In this single-center prospective observational study we identified biomarkers related to inflammation and the antiviral immune response that reflect the disease course regarding organ injury and clinical outcome. Two patient characteristics are often associated with increased risk of a critical course and higher mortality in COVID-19: age [4, 5, 21] and male sex [21, 23]. In our study, age had no influence on mortality, which could however be explained by the relatively low median age of 59 years and small IQR of 11 years. We still included age into our multivariate models as part of the CCI, which accounts for comorbidities—another risk factor [4, 21, 23] and age. A higher CCI showed a non-significant trend to higher mortality and impaired QoL in survivors. As in previous studies [21], significantly more patients in our ICU were male than expected by gender distribution in society. However, within this cohort, there was no obvious sex-associated risk.
Our findings concerning general markers of inflammation are in line with previous reports. Leukocytes are known to be elevated in COVID-19 patients to healthy controls and in more severe cases [6, 10]. 1st leukocytes in our study strongly correlated with maximum and mean leukocyte counts, as well as with 1st PCT, showing a connection between inflammation at admission and during ICU treatment. 1st leukocytes mainly correlated to impaired lung function. Multivariate correlations however suggest that the first leukocytes value is no accurate predictor of disease severity.
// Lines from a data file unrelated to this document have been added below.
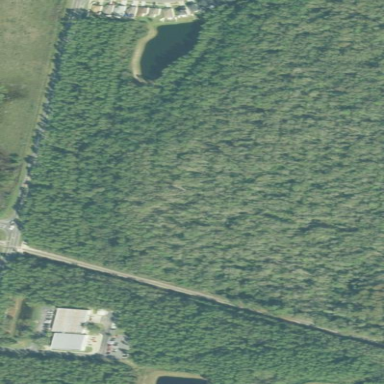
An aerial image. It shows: Forest area dominated by needle-leaved trees.
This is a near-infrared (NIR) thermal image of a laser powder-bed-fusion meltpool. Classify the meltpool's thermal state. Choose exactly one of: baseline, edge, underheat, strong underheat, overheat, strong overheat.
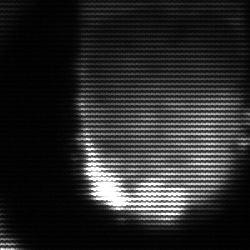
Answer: baseline
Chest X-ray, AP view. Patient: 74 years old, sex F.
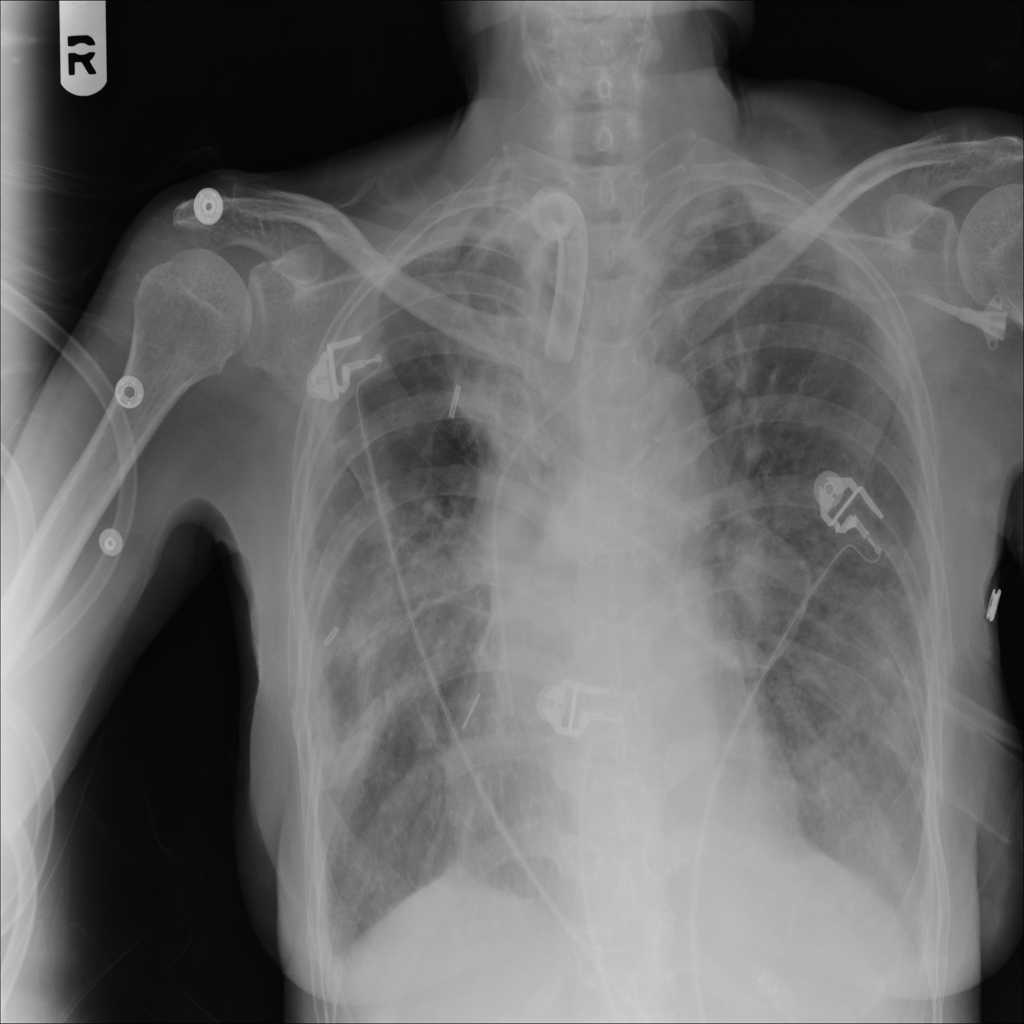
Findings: No Finding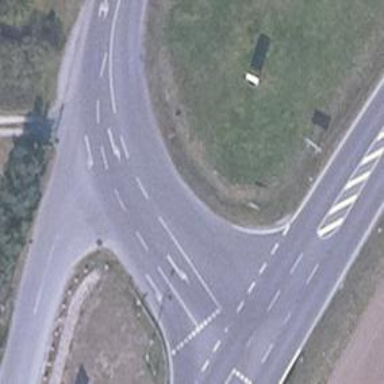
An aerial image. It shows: Primary road with asphalt surface.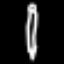
Label: pencil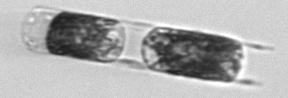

The first PCT value on the other hand, was a good predictor of disease severity—being a significant risk factor for ECMO/ECLS and dialysis—and, in combination with sex and CCI, formed the best predictive model of QoL after 6 months. Hu et al. showed a temporary PCT increase at the beginning of COVID-19-associated hospitalization and a second increase in non-survivors until death [24]. Combined with our findings this could suggest a correlation of temporary PCT increase with disease control, while higher PCT values are associated with bacterial superinfection [25], resulting in increased lung and secondary organ injury as well as impaired QoL. However, missing influence of bacterial superinfection at admission on 1st PCT or bacterial superinfection at any time on QoL suggests a self-contained predictive value of PCT. Judgment of bacterial superinfection before admission to our ICU was hindered as many lower-level wards started calculated antibiotic therapies without attempting pathogen detection.
C-reactive protein is also often quoted as predictive factor [5, 6, 10], however it was only measured in 20 of our patients—compared to 45 patients with PCT measurements—and therefore not considered.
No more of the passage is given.